Adrian immergea d’un sommeil sans rêve. Les yeux encore embrumés et les muscles lourds, il s’étira en baillant. Deux questions lui vinrent alors en tête : Combien de temps avait-il dormi et surtout, où était-il ? Il était nu, allongé dans un lit aux draps blancs et propres. La chambre était belle et coquette, avec des murs nus aux couleurs légères et douces. Sur l’étagère en face de lui, des bouquins d’auteurs célèbres. Adrian se leva pour consulter cette bibliothèque : Tourgueniev côtoyait Philip K. Dick et Chrétien de Troyes. Il saisit un exemplaire poussiéreux coincé entre Le Signe des quatre de Conan Doyle et le corbeau et autres poèmes, d’Edgar Allan Poe. Une édition de 1920 du Dynamo de Eugene O’neil. Une reliure en cuir et des pages jaunies, le tout devant valoir une fortune.

« Il vous plaît ? »

Adrian découvrit une rouquine en jean qui l’observait avec un œil amusé. Prenant conscience de sa nudité, il attrapa les draps et les noua autour de sa taille en se raclant la gorge. Elle continuait à le regarder avec ce mélange détonnant de désir et d’obsession. Drôle de fille. Il se souvint d’elle, restée à sa porte pendant des lustres : un jour, deux, peut être plus. Adrian avait été dans un état second pendant pas mal de temps, une durée qu pouvait même pas fixé. Condamné à sombrer dans la folie et à mourir, sa vie avait perdu tout son sens. Que pouvait-il encore espérer dans ce monde et dans les autres qui suivraient ?

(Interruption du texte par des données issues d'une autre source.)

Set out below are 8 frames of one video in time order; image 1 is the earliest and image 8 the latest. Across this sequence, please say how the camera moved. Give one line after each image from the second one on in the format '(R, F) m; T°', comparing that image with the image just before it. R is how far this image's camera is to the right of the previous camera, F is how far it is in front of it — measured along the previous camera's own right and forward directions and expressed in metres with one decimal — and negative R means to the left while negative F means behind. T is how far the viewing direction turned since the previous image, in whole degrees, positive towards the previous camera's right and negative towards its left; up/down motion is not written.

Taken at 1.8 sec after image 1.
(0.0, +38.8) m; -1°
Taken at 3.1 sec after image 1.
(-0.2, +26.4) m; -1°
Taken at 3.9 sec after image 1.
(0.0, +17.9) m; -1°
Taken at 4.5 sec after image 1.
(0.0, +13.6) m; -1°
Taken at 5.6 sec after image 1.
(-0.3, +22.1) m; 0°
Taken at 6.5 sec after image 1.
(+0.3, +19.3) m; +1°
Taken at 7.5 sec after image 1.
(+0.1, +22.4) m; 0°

« Hum, c’est un vieil ouvrage. »

Elle sourit et le rejoignit.

« Oui, il date un peu. Il appartenait à mon père qui le tenait de son grand-père, journaliste dans les années 40. On m’a raconté qu’il l’aurait trouvé dans un vide grenier new-yorkais. Mais je pense que c’est faux. Sans doute un cadeau de son père.
- Votre arrière-grand-père si je vous suis bien.
- Exact. Mais j’y pense, vous souhaiteriez sans doute des affaires propres. »

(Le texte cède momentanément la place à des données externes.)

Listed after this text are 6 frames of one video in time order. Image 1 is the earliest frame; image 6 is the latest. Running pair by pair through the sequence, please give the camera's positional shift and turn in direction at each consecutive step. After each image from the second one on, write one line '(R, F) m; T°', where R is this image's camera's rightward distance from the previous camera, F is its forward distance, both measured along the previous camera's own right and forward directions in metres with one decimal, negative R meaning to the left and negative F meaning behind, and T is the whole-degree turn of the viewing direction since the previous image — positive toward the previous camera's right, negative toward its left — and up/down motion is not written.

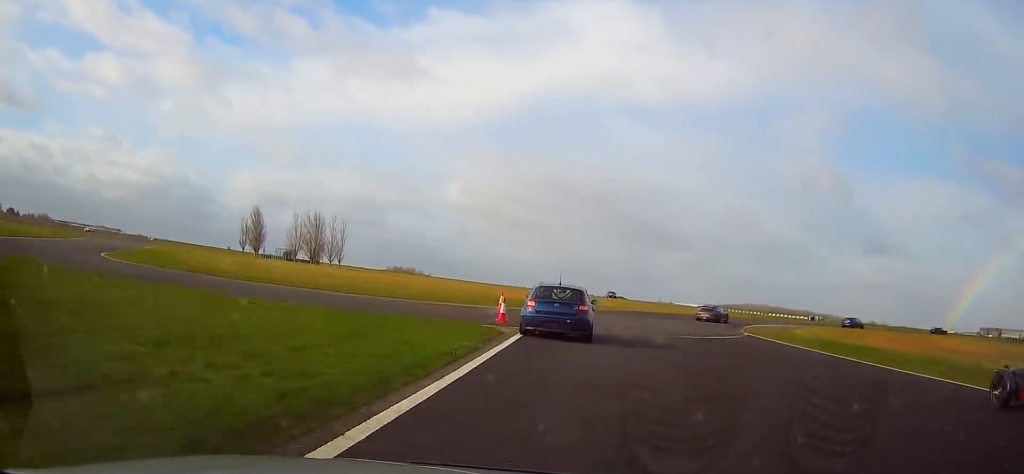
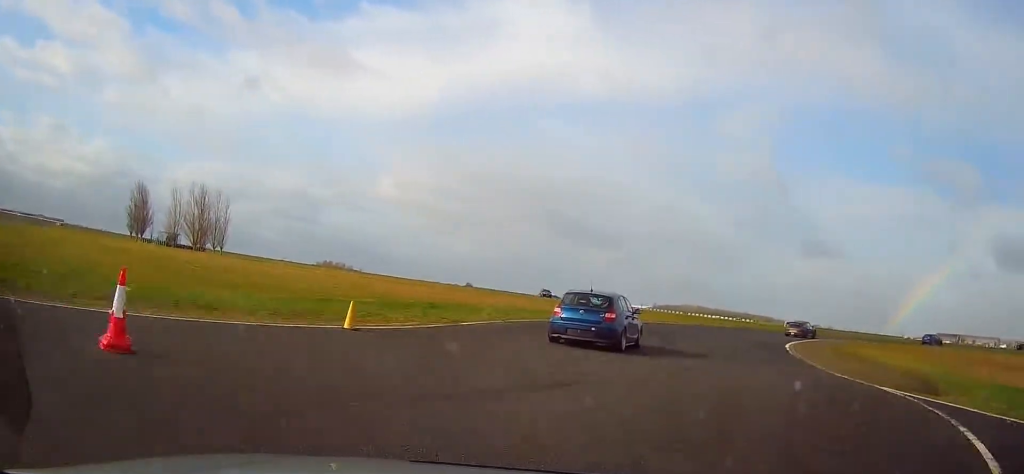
(+0.7, +21.4) m; +8°
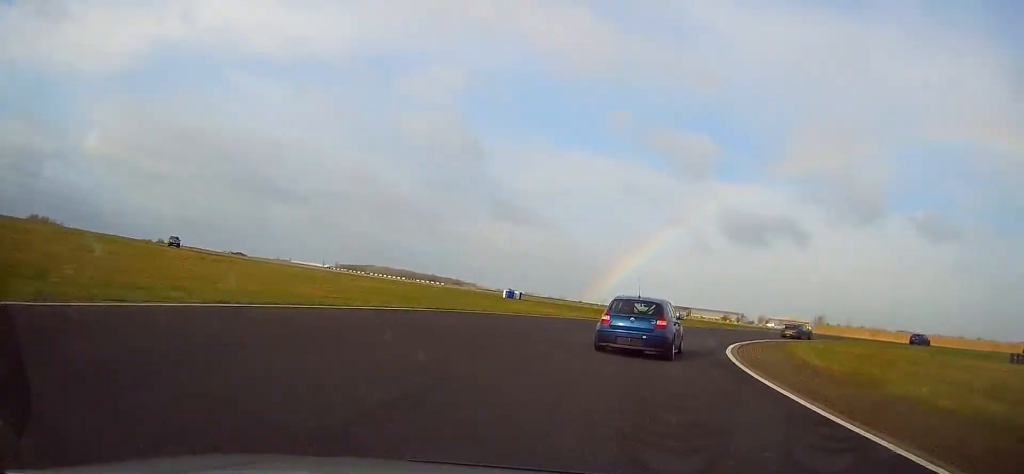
(+8.1, +36.2) m; +26°
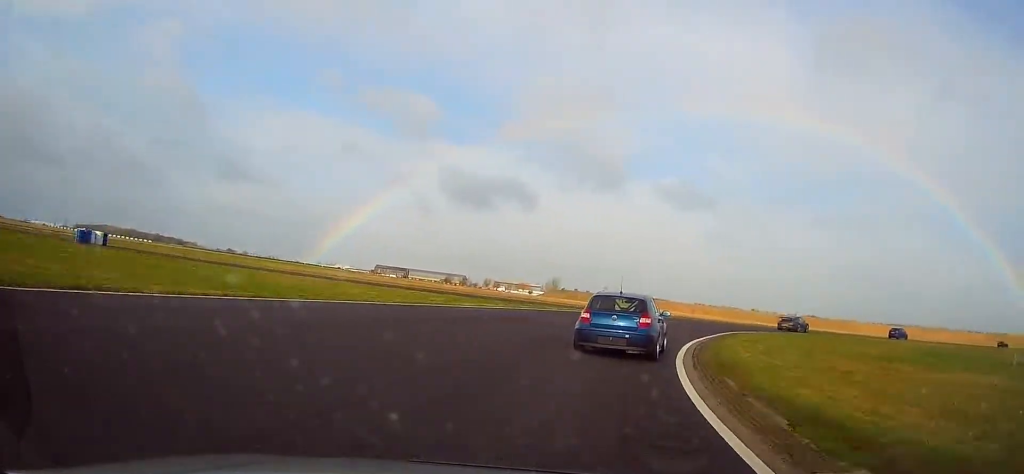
(+5.9, +32.5) m; +22°
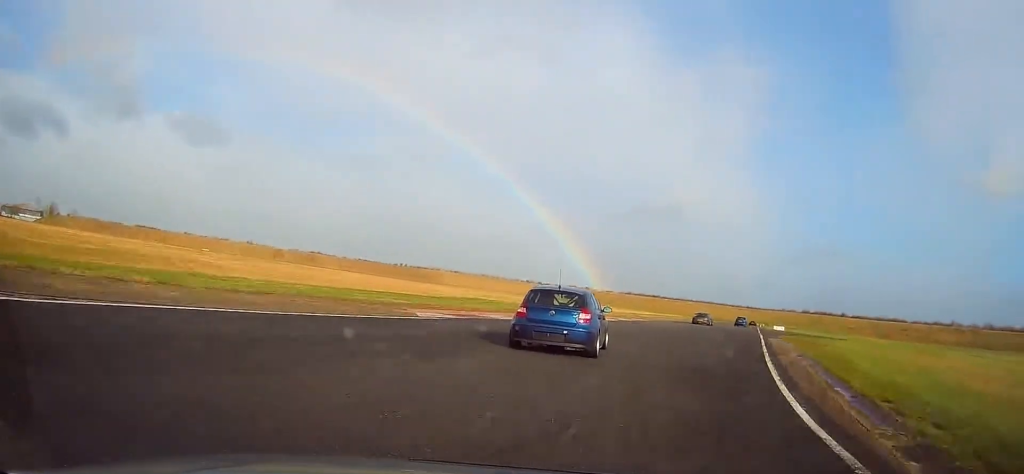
(+22.7, +56.3) m; +42°
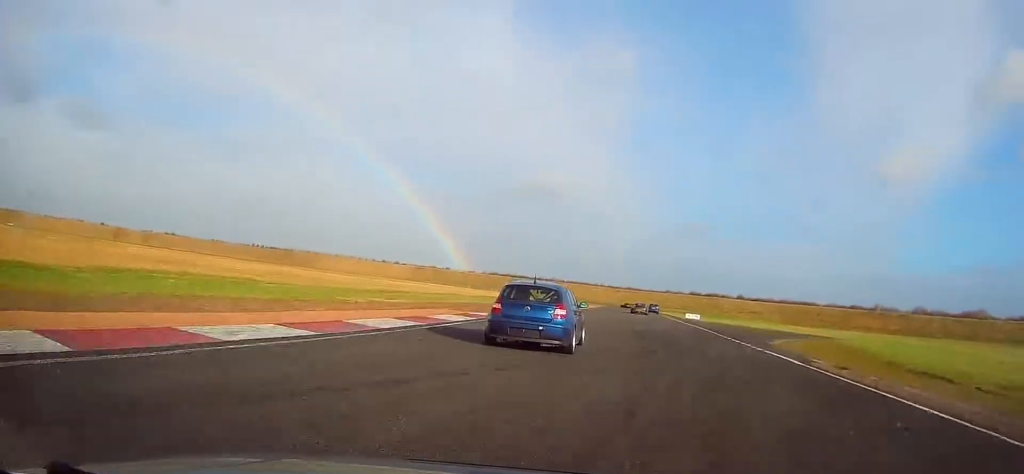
(+4.0, +28.2) m; +12°

Sans raison, Adrian se mit soudain à pleurer. Il s’écroula par terre et sanglota pendant de longues minutes. Paniquée, Marcia tenta de le calmer et s’agenouilla près de lui. Sa souffrance faisait peine à voir. Il avait tout perdu en un mois à peine et avait dû être choqué par la balle qu’il avait reçu, si ce n’est pire.

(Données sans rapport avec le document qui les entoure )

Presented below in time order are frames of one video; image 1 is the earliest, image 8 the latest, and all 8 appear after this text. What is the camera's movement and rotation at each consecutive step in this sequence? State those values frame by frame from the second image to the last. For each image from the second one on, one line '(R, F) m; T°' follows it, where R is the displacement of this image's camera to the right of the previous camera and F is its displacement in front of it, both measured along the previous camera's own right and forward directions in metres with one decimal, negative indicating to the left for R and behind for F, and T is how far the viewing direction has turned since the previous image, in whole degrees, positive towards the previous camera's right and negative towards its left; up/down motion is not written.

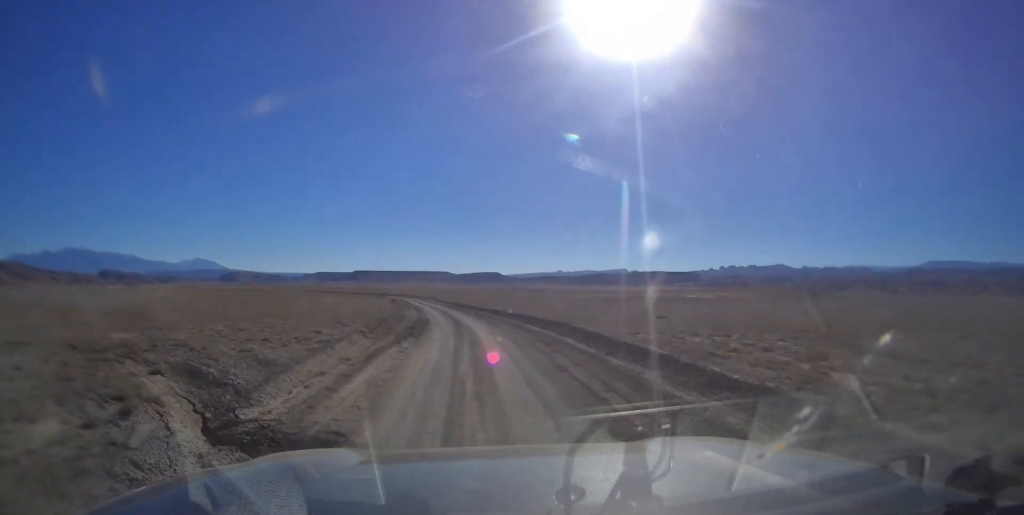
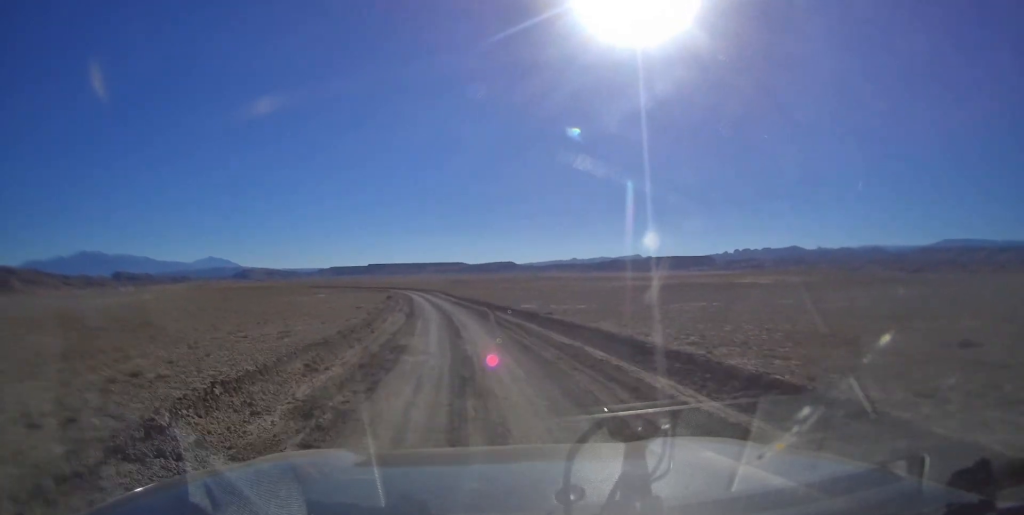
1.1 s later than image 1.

« Ça va aller. Je vais vous aider, je… »

Mais voyant que ses mots n’avaient aucun effet, elle jugea bon de simplement le prendre dans ses bras. Ce grand garçon de plus d’un mère quatre-vingt ressemblait maintenant à un gamin paumé, orphelin de tout amour. Marcia sentit son coeur se serrer. Comment un homme pouvait-il en arriver jusque là ? Finalement, au bout de dix bonnes minutes, il se reprit et murmura :

« Je n’aurais plus besoin de vêtements maintenant. A quoi cela servira ? »

Puis il braqua son regard empli de larmes sur le visage de la journaliste.

« Je vais mourir. Je suis condamné. La balle que j’ai reçu me tue progressivement. Mais vous l’avez sûrement appris par madame Fergusson et quelque part ailleurs. 
- Je veux vous aider, Adrian.
- Non. Non. Vous voulez que JE vous aide. Pas le contraire.
- Arrêtez de voir le Diable en chacun de nous. »

Il se remit alors à pleurer et elle le serra aussi fort qu’elle le pouvait. Cet homme démuni avait besoin d’aide et elle serait là pour l’aider. Elle le remettrait sur pied et il pourrait alors l’aider. Elle en avait vraiment besoin.